Some key survey findings include:

  • 94.1 percent of respondents are currently employed.
  • Since receiving DACA, recipients’ average hourly wage has more than doubled from $11.92 to $31.52 per hour, an increase of 164.4 percent.
  • 30.7 percent of respondents purchased their first homes in 2023, a percentage that has trended upward over the past decade of surveying DACA recipients.
  • 67.1 percent of survey respondents reported buying their first car after receiving DACA.
  • 32.9 percent of respondents are parents, with 70.7 percent of parents reporting that they think about “being separated from [their] children because of deportation” at least once per day.
  • Without DACA, 40.9 percent of DACA recipients would be less likely to report a crime they witnessed.

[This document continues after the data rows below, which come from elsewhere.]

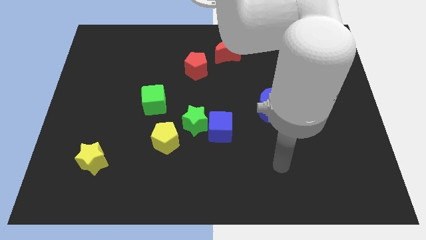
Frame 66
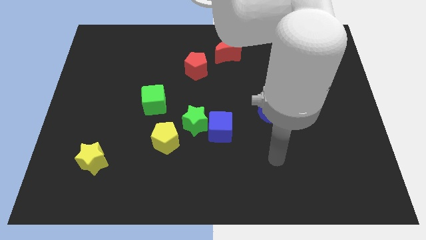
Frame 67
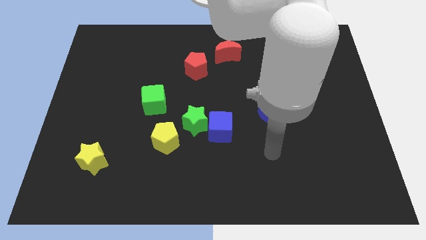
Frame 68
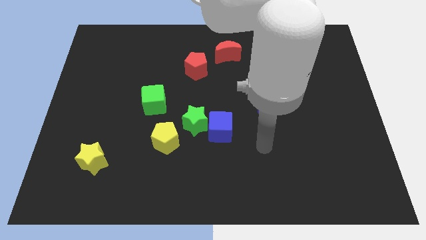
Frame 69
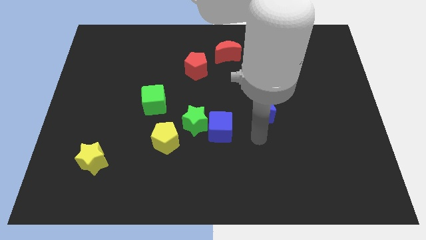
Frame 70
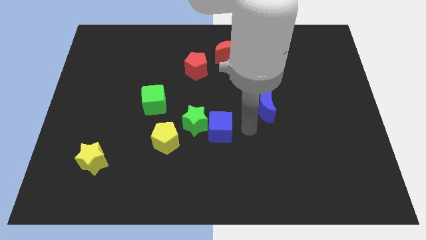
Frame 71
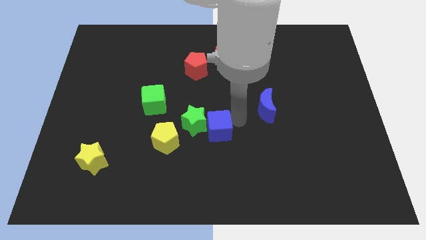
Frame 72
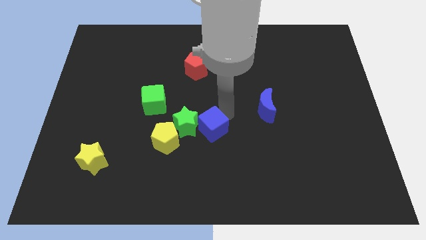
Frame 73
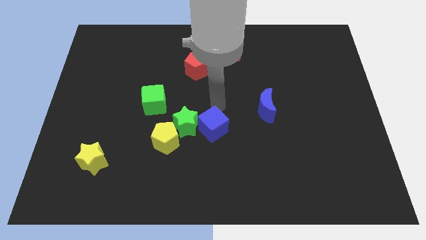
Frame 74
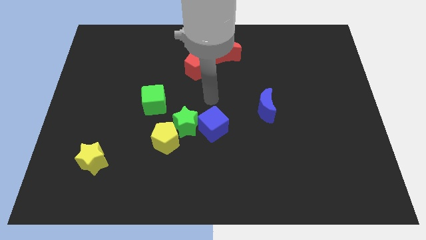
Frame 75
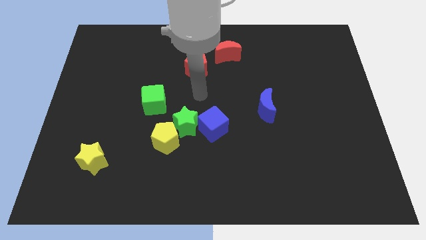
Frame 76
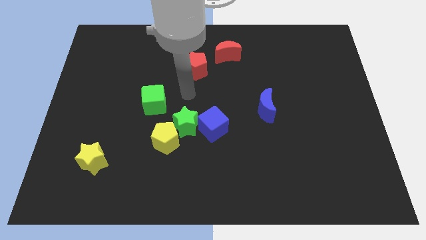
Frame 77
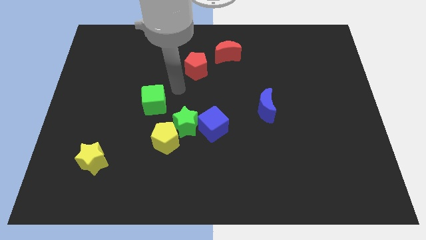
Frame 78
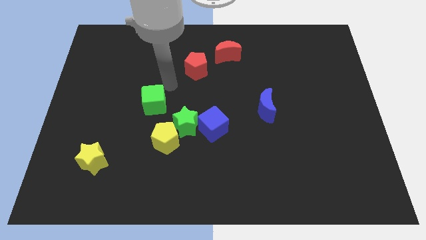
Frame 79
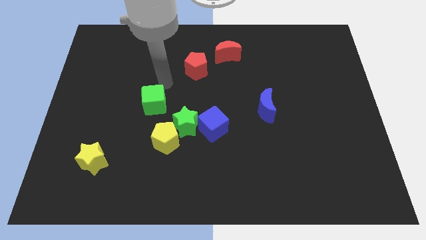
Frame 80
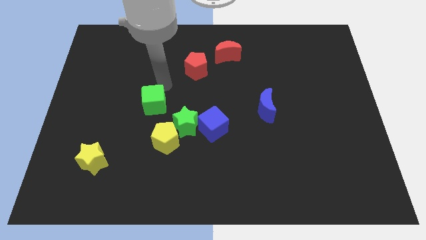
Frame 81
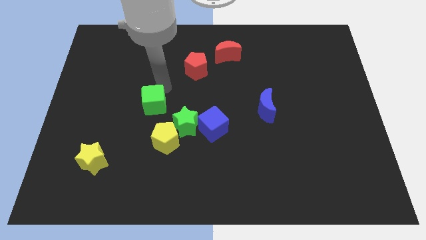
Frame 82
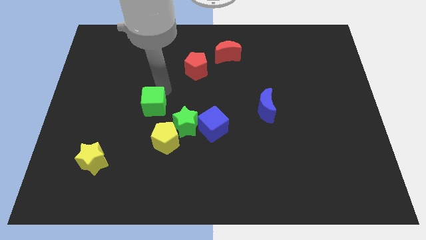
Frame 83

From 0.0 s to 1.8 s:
slide the green cube to the top left side of the yellow pentagon

“We’ve been surveying DACA recipients for nearly a decade. This year’s survey stands out because it shows that DACA recipients are more integrated in the American economy than they have ever been,” said Tom K. Wong, associate professor of political science and founding director of the U.S. Immigration Policy Center at the University of California, San Diego, and a senior fellow at CAP. “DACA recipients are earning more than they ever have, which has enlarged their economic footprint. Recent studies have shown that the economic contributions of immigrants have been crucial to the country’s post-pandemic bounceback and in fighting inflation, and this year’s survey shows that DACA recipients are at the forefront of this.”

“DACA recipients contribute so much to our families, workplaces, and communities,” said Diana Pliego, federal advocacy strategist at the National Immigration Law Center. “I’ve lived in the United States since the age of 3. My life is deeply connected to the United States and the community around me, just like those who were born here and just as other immigrants who have similarly lived here for decades. Our home is here, and we will continue advocating for DACA recipients like me to have the stability of a pathway to citizenship.”

“DACA has never been just about a program; as the results of this survey show, DACA has always been about the immigrant young people, friends, family members, and neighbors who are essential to our lives and the well-being, growth, and betterment of our communities,” said Karen Fierro Ruiz, federal policy and advocacy manager of United We Dream. “Every single one of us would feel the impact if DACA were to end. The continued uncertainty about the future of the program is a constant reminder that we must build toward permanent stability and a pathway to citizenship, while also ensuring DACA is sustained and expanded in the interim to include those who have been cruelly locked out.”

“In the nearly 12 years since its creation, DACA has been a catalyst for positive change in the lives of recipients, like my own, helping us reach educational milestones, contribute more to the economy, and achieve financial stability as well as improve our families’ overall well-being,” said Rosa Barrientos-Ferrer, senior policy analyst at CAP. “These opportunities made possible by DACA have subsequently enriched communities across the United States through the contributions of its recipients. However, without a clear path to citizenship enacted by Congress, DACA recipients will continue to live in a state of limbo, uncertain about our futures and unable to fully contribute and thrive in the country we call home.”

Read the column: “2023 Survey of DACA Recipients Highlights Economic Advancement, Continued Uncertainty Amid Legal Limbo” by Tom K. Wong, Ignacia Rodriguez Kmec, Diana Pliego, Karen Fierro Ruiz, Silva Mathema, Trinh Q. Truong, and Rosa Barrientos-Ferrer.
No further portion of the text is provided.